** Task input follows **

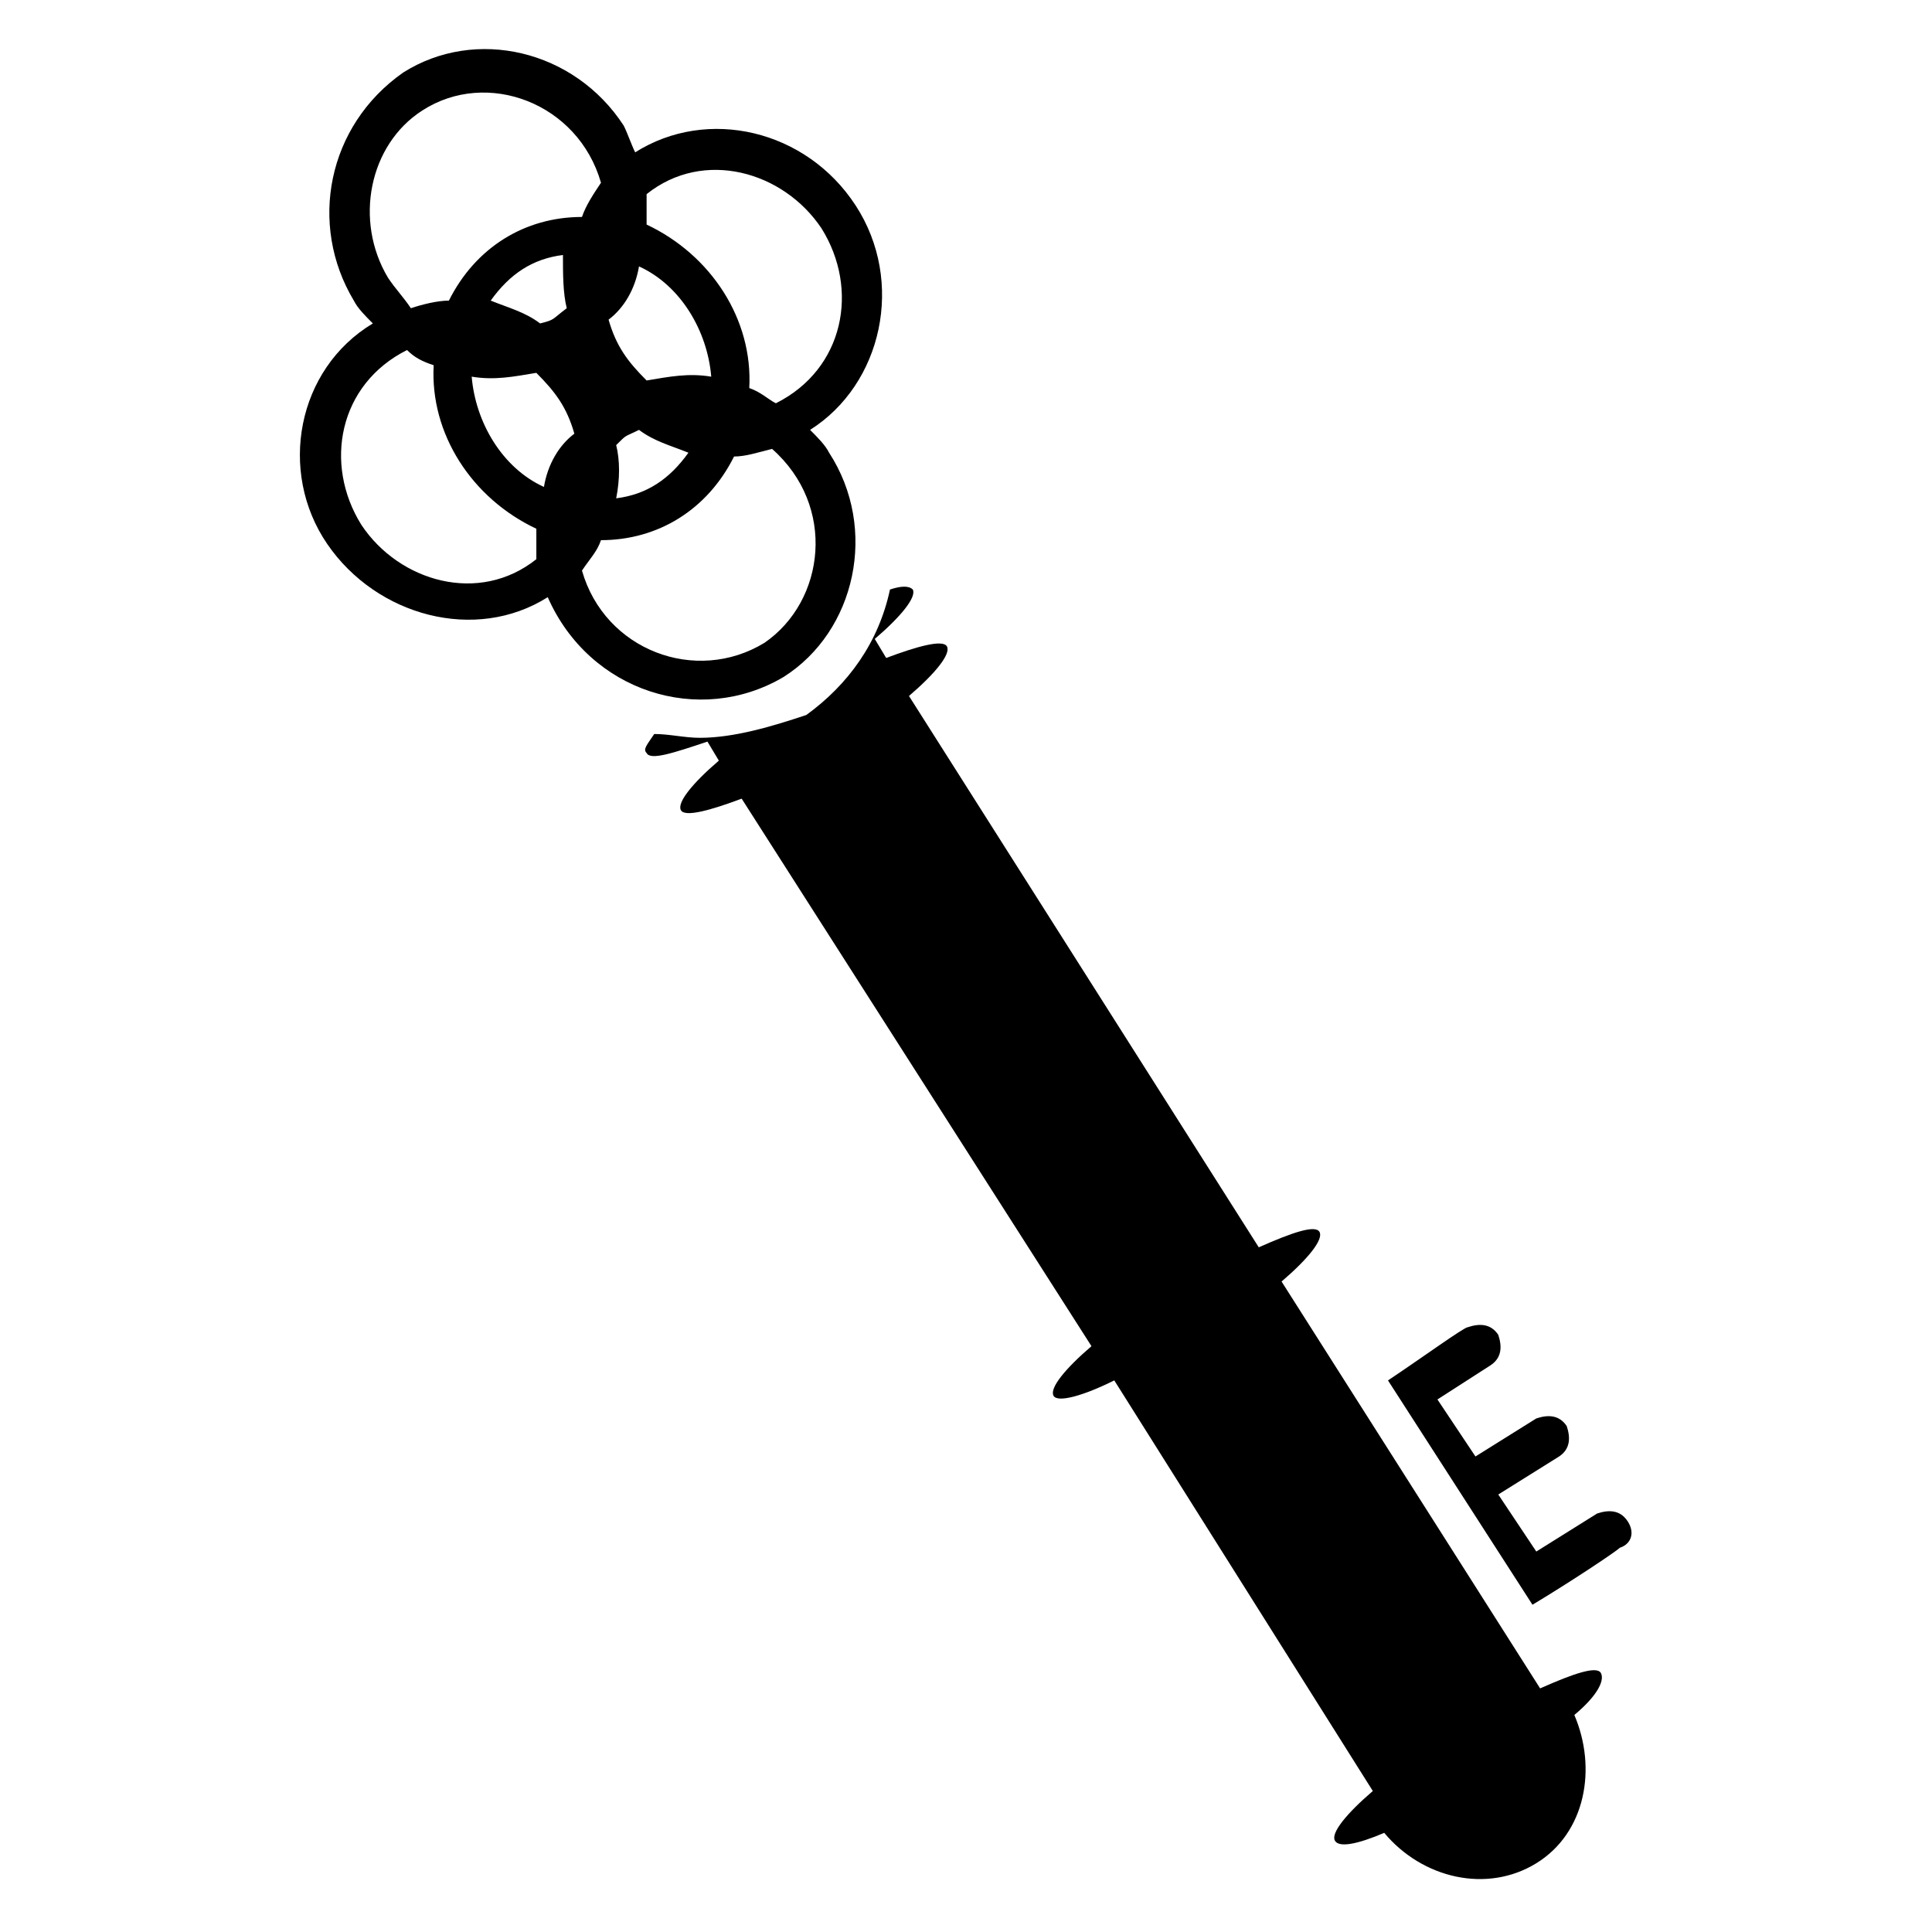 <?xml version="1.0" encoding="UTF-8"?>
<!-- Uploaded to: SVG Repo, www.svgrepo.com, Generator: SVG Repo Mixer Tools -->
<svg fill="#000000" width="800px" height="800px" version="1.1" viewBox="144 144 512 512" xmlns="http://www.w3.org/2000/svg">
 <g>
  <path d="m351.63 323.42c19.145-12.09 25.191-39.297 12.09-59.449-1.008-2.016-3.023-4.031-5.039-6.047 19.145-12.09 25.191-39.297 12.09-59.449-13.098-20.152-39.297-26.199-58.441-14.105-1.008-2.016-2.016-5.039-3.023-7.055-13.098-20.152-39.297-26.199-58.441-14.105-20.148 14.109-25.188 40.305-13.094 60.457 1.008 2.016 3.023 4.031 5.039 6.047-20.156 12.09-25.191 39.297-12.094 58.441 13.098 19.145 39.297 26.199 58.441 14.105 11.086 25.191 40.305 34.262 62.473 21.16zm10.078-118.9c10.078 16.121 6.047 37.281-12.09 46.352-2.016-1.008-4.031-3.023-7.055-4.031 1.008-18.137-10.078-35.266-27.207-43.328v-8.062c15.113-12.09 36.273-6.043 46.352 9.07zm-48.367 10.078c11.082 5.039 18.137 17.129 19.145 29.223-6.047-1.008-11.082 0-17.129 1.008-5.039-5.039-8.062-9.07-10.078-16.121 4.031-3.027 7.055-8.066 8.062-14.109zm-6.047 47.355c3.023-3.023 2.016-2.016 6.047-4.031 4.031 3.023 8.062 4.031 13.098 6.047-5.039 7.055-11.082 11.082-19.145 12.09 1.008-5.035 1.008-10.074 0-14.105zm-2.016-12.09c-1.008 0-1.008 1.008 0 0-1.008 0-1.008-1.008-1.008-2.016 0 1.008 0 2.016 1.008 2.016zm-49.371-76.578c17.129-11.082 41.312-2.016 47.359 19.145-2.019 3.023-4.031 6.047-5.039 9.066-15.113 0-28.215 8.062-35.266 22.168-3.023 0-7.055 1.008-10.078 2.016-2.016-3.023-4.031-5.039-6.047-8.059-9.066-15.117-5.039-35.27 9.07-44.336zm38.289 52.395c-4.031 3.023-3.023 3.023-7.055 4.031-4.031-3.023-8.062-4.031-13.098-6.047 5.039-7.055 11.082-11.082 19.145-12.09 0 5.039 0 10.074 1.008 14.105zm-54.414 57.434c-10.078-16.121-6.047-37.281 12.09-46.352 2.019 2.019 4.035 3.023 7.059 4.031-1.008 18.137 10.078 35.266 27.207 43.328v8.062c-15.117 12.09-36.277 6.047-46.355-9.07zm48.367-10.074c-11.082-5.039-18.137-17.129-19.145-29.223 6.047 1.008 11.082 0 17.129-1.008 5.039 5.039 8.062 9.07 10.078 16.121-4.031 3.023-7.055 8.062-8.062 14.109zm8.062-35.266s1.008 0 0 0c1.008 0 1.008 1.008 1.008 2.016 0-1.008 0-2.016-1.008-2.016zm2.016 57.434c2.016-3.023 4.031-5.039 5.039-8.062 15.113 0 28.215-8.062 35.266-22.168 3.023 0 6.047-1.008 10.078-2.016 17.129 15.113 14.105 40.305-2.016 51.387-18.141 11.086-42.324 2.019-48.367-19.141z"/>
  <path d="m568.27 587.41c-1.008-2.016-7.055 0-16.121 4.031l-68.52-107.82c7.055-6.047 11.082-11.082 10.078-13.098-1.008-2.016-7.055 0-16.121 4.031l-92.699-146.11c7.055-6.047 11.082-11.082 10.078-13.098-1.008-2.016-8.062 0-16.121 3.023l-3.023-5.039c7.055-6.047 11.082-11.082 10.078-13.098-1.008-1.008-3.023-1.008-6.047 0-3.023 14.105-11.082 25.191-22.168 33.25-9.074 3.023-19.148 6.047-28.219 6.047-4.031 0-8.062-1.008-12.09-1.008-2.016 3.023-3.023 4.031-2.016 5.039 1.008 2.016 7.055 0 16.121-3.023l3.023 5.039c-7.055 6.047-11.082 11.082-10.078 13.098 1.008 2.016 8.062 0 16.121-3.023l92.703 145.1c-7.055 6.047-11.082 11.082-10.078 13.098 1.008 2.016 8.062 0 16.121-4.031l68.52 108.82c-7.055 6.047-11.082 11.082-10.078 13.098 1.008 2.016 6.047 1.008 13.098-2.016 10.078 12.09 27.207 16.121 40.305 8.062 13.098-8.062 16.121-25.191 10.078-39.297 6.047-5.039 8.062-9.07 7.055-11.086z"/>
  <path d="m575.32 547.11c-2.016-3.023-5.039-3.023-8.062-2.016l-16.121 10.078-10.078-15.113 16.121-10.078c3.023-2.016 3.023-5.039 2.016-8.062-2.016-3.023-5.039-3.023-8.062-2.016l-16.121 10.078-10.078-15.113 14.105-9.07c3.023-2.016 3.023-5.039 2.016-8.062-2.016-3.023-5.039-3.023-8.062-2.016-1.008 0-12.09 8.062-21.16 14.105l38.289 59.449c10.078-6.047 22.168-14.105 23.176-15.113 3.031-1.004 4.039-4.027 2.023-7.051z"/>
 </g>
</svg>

** End of Task input **

Exercise directions: The images are to be left out while the entries are written out exactly.

Solution below:
 <?xml version="1.0" encoding="UTF-8"?>
<!-- Uploaded to: SVG Repo, www.svgrepo.com, Generator: SVG Repo Mixer Tools -->
<svg fill="#000000" width="800px" height="800px" version="1.1" viewBox="144 144 512 512" xmlns="http://www.w3.org/2000/svg">
 <g>
  <path d="m351.63 323.42c19.145-12.09 25.191-39.297 12.09-59.449-1.008-2.016-3.023-4.031-5.039-6.047 19.145-12.09 25.191-39.297 12.09-59.449-13.098-20.152-39.297-26.199-58.441-14.105-1.008-2.016-2.016-5.039-3.023-7.055-13.098-20.152-39.297-26.199-58.441-14.105-20.148 14.109-25.188 40.305-13.094 60.457 1.008 2.016 3.023 4.031 5.039 6.047-20.156 12.09-25.191 39.297-12.094 58.441 13.098 19.145 39.297 26.199 58.441 14.105 11.086 25.191 40.305 34.262 62.473 21.16zm10.078-118.9c10.078 16.121 6.047 37.281-12.09 46.352-2.016-1.008-4.031-3.023-7.055-4.031 1.008-18.137-10.078-35.266-27.207-43.328v-8.062c15.113-12.09 36.273-6.043 46.352 9.07zm-48.367 10.078c11.082 5.039 18.137 17.129 19.145 29.223-6.047-1.008-11.082 0-17.129 1.008-5.039-5.039-8.062-9.07-10.078-16.121 4.031-3.027 7.055-8.066 8.062-14.109zm-6.047 47.355c3.023-3.023 2.016-2.016 6.047-4.031 4.031 3.023 8.062 4.031 13.098 6.047-5.039 7.055-11.082 11.082-19.145 12.09 1.008-5.035 1.008-10.074 0-14.105zm-2.016-12.09c-1.008 0-1.008 1.008 0 0-1.008 0-1.008-1.008-1.008-2.016 0 1.008 0 2.016 1.008 2.016zm-49.371-76.578c17.129-11.082 41.312-2.016 47.359 19.145-2.019 3.023-4.031 6.047-5.039 9.066-15.113 0-28.215 8.062-35.266 22.168-3.023 0-7.055 1.008-10.078 2.016-2.016-3.023-4.031-5.039-6.047-8.059-9.066-15.117-5.039-35.27 9.07-44.336zm38.289 52.395c-4.031 3.023-3.023 3.023-7.055 4.031-4.031-3.023-8.062-4.031-13.098-6.047 5.039-7.055 11.082-11.082 19.145-12.09 0 5.039 0 10.074 1.008 14.105zm-54.414 57.434c-10.078-16.121-6.047-37.281 12.09-46.352 2.019 2.019 4.035 3.023 7.059 4.031-1.008 18.137 10.078 35.266 27.207 43.328v8.062c-15.117 12.09-36.277 6.047-46.355-9.07zm48.367-10.074c-11.082-5.039-18.137-17.129-19.145-29.223 6.047 1.008 11.082 0 17.129-1.008 5.039 5.039 8.062 9.07 10.078 16.121-4.031 3.023-7.055 8.062-8.062 14.109zm8.062-35.266s1.008 0 0 0c1.008 0 1.008 1.008 1.008 2.016 0-1.008 0-2.016-1.008-2.016zm2.016 57.434c2.016-3.023 4.031-5.039 5.039-8.062 15.113 0 28.215-8.062 35.266-22.168 3.023 0 6.047-1.008 10.078-2.016 17.129 15.113 14.105 40.305-2.016 51.387-18.141 11.086-42.324 2.019-48.367-19.141z"/>
  <path d="m568.27 587.41c-1.008-2.016-7.055 0-16.121 4.031l-68.52-107.82c7.055-6.047 11.082-11.082 10.078-13.098-1.008-2.016-7.055 0-16.121 4.031l-92.699-146.11c7.055-6.047 11.082-11.082 10.078-13.098-1.008-2.016-8.062 0-16.121 3.023l-3.023-5.039c7.055-6.047 11.082-11.082 10.078-13.098-1.008-1.008-3.023-1.008-6.047 0-3.023 14.105-11.082 25.191-22.168 33.25-9.074 3.023-19.148 6.047-28.219 6.047-4.031 0-8.062-1.008-12.09-1.008-2.016 3.023-3.023 4.031-2.016 5.039 1.008 2.016 7.055 0 16.121-3.023l3.023 5.039c-7.055 6.047-11.082 11.082-10.078 13.098 1.008 2.016 8.062 0 16.121-3.023l92.703 145.1c-7.055 6.047-11.082 11.082-10.078 13.098 1.008 2.016 8.062 0 16.121-4.031l68.52 108.82c-7.055 6.047-11.082 11.082-10.078 13.098 1.008 2.016 6.047 1.008 13.098-2.016 10.078 12.09 27.207 16.121 40.305 8.062 13.098-8.062 16.121-25.191 10.078-39.297 6.047-5.039 8.062-9.07 7.055-11.086z"/>
  <path d="m575.32 547.11c-2.016-3.023-5.039-3.023-8.062-2.016l-16.121 10.078-10.078-15.113 16.121-10.078c3.023-2.016 3.023-5.039 2.016-8.062-2.016-3.023-5.039-3.023-8.062-2.016l-16.121 10.078-10.078-15.113 14.105-9.07c3.023-2.016 3.023-5.039 2.016-8.062-2.016-3.023-5.039-3.023-8.062-2.016-1.008 0-12.09 8.062-21.16 14.105l38.289 59.449c10.078-6.047 22.168-14.105 23.176-15.113 3.031-1.004 4.039-4.027 2.023-7.051z"/>
 </g>
</svg>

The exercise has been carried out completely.